(Exercise prompt) Lines below containing the word "spacing" should be copied out.

------------------------

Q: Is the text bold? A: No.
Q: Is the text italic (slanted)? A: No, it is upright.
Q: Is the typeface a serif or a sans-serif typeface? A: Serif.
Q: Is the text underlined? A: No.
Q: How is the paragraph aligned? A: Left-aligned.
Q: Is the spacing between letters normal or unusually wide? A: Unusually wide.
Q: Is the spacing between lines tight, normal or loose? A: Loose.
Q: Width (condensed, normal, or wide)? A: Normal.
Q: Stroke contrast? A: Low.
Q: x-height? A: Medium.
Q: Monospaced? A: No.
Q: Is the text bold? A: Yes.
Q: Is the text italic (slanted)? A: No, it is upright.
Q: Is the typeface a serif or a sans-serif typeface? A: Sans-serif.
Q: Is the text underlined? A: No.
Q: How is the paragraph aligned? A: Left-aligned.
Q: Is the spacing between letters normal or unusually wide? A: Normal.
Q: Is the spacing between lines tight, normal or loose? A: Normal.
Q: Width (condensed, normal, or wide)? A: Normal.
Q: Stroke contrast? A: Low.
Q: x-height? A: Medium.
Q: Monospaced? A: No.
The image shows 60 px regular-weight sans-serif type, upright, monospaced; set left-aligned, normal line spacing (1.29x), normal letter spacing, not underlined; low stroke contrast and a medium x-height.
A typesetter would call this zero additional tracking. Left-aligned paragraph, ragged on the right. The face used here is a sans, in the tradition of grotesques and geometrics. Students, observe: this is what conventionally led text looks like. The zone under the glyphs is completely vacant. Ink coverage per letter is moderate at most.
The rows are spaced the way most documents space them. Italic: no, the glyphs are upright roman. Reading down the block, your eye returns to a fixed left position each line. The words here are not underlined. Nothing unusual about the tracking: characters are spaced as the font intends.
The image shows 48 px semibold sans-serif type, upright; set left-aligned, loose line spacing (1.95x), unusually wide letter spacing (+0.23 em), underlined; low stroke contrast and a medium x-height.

------------------------

(Result of the task)
Q: Is the spacing between letters normal or unusually wide? A: Unusually wide.
Q: Is the spacing between lines tight, normal or loose? A: Loose.
Q: Is the spacing between letters normal or unusually wide? A: Normal.
Q: Is the spacing between lines tight, normal or loose? A: Normal.
The image shows 60 px regular-weight sans-serif type, upright, monospaced; set left-aligned, normal line spacing (1.29x), normal letter spacing, not underlined; low stroke contrast and a medium x-height.
The image shows 48 px semibold sans-serif type, upright; set left-aligned, loose line spacing (1.95x), unusually wide letter spacing (+0.23 em), underlined; low stroke contrast and a medium x-height.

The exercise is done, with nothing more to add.